══ Given records ══
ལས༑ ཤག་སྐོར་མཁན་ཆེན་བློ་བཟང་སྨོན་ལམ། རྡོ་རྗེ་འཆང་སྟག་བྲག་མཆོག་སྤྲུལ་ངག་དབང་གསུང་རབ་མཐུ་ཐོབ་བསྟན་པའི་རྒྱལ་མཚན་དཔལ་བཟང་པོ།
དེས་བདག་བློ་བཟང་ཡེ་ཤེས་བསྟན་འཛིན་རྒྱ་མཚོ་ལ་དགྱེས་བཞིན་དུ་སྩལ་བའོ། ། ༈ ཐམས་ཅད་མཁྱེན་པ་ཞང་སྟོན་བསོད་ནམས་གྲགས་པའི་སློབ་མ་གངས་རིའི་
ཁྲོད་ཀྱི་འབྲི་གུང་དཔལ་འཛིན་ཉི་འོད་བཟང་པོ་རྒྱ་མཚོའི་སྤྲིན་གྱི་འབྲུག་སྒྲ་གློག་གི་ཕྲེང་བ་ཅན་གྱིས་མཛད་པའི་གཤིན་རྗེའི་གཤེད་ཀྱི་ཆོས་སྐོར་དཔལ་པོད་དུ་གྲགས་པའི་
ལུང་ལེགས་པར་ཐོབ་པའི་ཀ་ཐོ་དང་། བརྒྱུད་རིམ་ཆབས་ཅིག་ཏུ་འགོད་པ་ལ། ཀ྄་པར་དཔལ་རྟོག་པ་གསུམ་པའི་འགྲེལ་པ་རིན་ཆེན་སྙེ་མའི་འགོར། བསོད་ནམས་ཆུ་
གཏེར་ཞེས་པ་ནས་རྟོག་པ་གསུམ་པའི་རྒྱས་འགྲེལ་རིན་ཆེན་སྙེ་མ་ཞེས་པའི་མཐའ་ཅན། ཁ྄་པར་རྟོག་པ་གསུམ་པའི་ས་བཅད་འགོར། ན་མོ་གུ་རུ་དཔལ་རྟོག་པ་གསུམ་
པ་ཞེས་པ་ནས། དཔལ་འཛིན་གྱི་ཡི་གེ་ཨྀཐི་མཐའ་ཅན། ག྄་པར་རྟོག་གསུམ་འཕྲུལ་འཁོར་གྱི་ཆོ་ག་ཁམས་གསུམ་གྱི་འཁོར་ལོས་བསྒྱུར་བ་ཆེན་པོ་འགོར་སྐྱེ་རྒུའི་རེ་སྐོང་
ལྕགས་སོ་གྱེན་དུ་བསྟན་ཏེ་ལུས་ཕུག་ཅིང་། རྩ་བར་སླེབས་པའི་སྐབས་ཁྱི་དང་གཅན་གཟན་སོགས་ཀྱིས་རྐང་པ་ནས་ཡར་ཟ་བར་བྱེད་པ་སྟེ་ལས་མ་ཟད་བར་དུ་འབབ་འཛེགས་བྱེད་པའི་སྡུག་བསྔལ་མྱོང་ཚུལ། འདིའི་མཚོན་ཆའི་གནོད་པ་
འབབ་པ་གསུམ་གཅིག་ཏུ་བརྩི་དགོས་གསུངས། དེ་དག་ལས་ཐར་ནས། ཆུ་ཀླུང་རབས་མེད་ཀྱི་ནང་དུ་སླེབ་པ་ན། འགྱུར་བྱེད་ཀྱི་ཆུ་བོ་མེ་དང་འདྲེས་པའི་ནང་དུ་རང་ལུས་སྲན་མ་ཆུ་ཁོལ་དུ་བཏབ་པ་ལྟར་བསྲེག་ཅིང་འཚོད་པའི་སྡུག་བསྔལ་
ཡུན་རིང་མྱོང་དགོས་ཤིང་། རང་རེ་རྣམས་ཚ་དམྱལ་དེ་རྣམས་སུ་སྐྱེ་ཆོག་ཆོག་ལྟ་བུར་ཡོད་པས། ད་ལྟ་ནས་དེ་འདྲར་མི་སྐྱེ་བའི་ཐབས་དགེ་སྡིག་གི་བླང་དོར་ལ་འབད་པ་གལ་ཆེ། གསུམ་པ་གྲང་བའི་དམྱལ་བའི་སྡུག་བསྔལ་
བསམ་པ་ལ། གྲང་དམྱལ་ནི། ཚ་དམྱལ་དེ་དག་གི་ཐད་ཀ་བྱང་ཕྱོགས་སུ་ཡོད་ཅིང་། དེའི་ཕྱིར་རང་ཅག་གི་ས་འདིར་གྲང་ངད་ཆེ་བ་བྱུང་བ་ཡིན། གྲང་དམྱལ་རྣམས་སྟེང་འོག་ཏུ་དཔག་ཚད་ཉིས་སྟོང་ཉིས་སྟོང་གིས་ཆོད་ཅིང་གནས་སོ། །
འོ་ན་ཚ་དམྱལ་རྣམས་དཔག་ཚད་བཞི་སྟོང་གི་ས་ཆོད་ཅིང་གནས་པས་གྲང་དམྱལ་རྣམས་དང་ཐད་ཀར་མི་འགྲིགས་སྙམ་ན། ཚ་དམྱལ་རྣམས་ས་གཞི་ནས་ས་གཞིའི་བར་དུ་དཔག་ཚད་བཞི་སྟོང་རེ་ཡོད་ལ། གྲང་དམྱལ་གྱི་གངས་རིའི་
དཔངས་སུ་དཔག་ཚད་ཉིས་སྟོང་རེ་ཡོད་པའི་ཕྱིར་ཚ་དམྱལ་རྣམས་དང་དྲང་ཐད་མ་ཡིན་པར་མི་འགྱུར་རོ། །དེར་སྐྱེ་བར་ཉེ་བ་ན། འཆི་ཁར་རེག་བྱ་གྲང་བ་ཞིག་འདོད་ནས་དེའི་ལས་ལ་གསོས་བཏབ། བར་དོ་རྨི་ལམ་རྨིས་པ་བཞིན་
═══
→ **Your goal**: Would you transcribe the entire listing above without any deviation?

→ **Written answer**:
ལས༑ ཤག་སྐོར་མཁན་ཆེན་བློ་བཟང་སྨོན་ལམ། རྡོ་རྗེ་འཆང་སྟག་བྲག་མཆོག་སྤྲུལ་ངག་དབང་གསུང་རབ་མཐུ་ཐོབ་བསྟན་པའི་རྒྱལ་མཚན་དཔལ་བཟང་པོ།
དེས་བདག་བློ་བཟང་ཡེ་ཤེས་བསྟན་འཛིན་རྒྱ་མཚོ་ལ་དགྱེས་བཞིན་དུ་སྩལ་བའོ། ། ༈ ཐམས་ཅད་མཁྱེན་པ་ཞང་སྟོན་བསོད་ནམས་གྲགས་པའི་སློབ་མ་གངས་རིའི་
ཁྲོད་ཀྱི་འབྲི་གུང་དཔལ་འཛིན་ཉི་འོད་བཟང་པོ་རྒྱ་མཚོའི་སྤྲིན་གྱི་འབྲུག་སྒྲ་གློག་གི་ཕྲེང་བ་ཅན་གྱིས་མཛད་པའི་གཤིན་རྗེའི་གཤེད་ཀྱི་ཆོས་སྐོར་དཔལ་པོད་དུ་གྲགས་པའི་
ལུང་ལེགས་པར་ཐོབ་པའི་ཀ་ཐོ་དང་། བརྒྱུད་རིམ་ཆབས་ཅིག་ཏུ་འགོད་པ་ལ། ཀ྄་པར་དཔལ་རྟོག་པ་གསུམ་པའི་འགྲེལ་པ་རིན་ཆེན་སྙེ་མའི་འགོར། བསོད་ནམས་ཆུ་
གཏེར་ཞེས་པ་ནས་རྟོག་པ་གསུམ་པའི་རྒྱས་འགྲེལ་རིན་ཆེན་སྙེ་མ་ཞེས་པའི་མཐའ་ཅན། ཁ྄་པར་རྟོག་པ་གསུམ་པའི་ས་བཅད་འགོར། ན་མོ་གུ་རུ་དཔལ་རྟོག་པ་གསུམ་
པ་ཞེས་པ་ནས། དཔལ་འཛིན་གྱི་ཡི་གེ་ཨྀཐི་མཐའ་ཅན། ག྄་པར་རྟོག་གསུམ་འཕྲུལ་འཁོར་གྱི་ཆོ་ག་ཁམས་གསུམ་གྱི་འཁོར་ལོས་བསྒྱུར་བ་ཆེན་པོ་འགོར་སྐྱེ་རྒུའི་རེ་སྐོང་
ལྕགས་སོ་གྱེན་དུ་བསྟན་ཏེ་ལུས་ཕུག་ཅིང་། རྩ་བར་སླེབས་པའི་སྐབས་ཁྱི་དང་གཅན་གཟན་སོགས་ཀྱིས་རྐང་པ་ནས་ཡར་ཟ་བར་བྱེད་པ་སྟེ་ལས་མ་ཟད་བར་དུ་འབབ་འཛེགས་བྱེད་པའི་སྡུག་བསྔལ་མྱོང་ཚུལ། འདིའི་མཚོན་ཆའི་གནོད་པ་
འབབ་པ་གསུམ་གཅིག་ཏུ་བརྩི་དགོས་གསུངས། དེ་དག་ལས་ཐར་ནས། ཆུ་ཀླུང་རབས་མེད་ཀྱི་ནང་དུ་སླེབ་པ་ན། འགྱུར་བྱེད་ཀྱི་ཆུ་བོ་མེ་དང་འདྲེས་པའི་ནང་དུ་རང་ལུས་སྲན་མ་ཆུ་ཁོལ་དུ་བཏབ་པ་ལྟར་བསྲེག་ཅིང་འཚོད་པའི་སྡུག་བསྔལ་
ཡུན་རིང་མྱོང་དགོས་ཤིང་། རང་རེ་རྣམས་ཚ་དམྱལ་དེ་རྣམས་སུ་སྐྱེ་ཆོག་ཆོག་ལྟ་བུར་ཡོད་པས། ད་ལྟ་ནས་དེ་འདྲར་མི་སྐྱེ་བའི་ཐབས་དགེ་སྡིག་གི་བླང་དོར་ལ་འབད་པ་གལ་ཆེ། གསུམ་པ་གྲང་བའི་དམྱལ་བའི་སྡུག་བསྔལ་
བསམ་པ་ལ། གྲང་དམྱལ་ནི། ཚ་དམྱལ་དེ་དག་གི་ཐད་ཀ་བྱང་ཕྱོགས་སུ་ཡོད་ཅིང་། དེའི་ཕྱིར་རང་ཅག་གི་ས་འདིར་གྲང་ངད་ཆེ་བ་བྱུང་བ་ཡིན། གྲང་དམྱལ་རྣམས་སྟེང་འོག་ཏུ་དཔག་ཚད་ཉིས་སྟོང་ཉིས་སྟོང་གིས་ཆོད་ཅིང་གནས་སོ། །
འོ་ན་ཚ་དམྱལ་རྣམས་དཔག་ཚད་བཞི་སྟོང་གི་ས་ཆོད་ཅིང་གནས་པས་གྲང་དམྱལ་རྣམས་དང་ཐད་ཀར་མི་འགྲིགས་སྙམ་ན། ཚ་དམྱལ་རྣམས་ས་གཞི་ནས་ས་གཞིའི་བར་དུ་དཔག་ཚད་བཞི་སྟོང་རེ་ཡོད་ལ། གྲང་དམྱལ་གྱི་གངས་རིའི་
དཔངས་སུ་དཔག་ཚད་ཉིས་སྟོང་རེ་ཡོད་པའི་ཕྱིར་ཚ་དམྱལ་རྣམས་དང་དྲང་ཐད་མ་ཡིན་པར་མི་འགྱུར་རོ། །དེར་སྐྱེ་བར་ཉེ་བ་ན། འཆི་ཁར་རེག་བྱ་གྲང་བ་ཞིག་འདོད་ནས་དེའི་ལས་ལ་གསོས་བཏབ། བར་དོ་རྨི་ལམ་རྨིས་པ་བཞིན་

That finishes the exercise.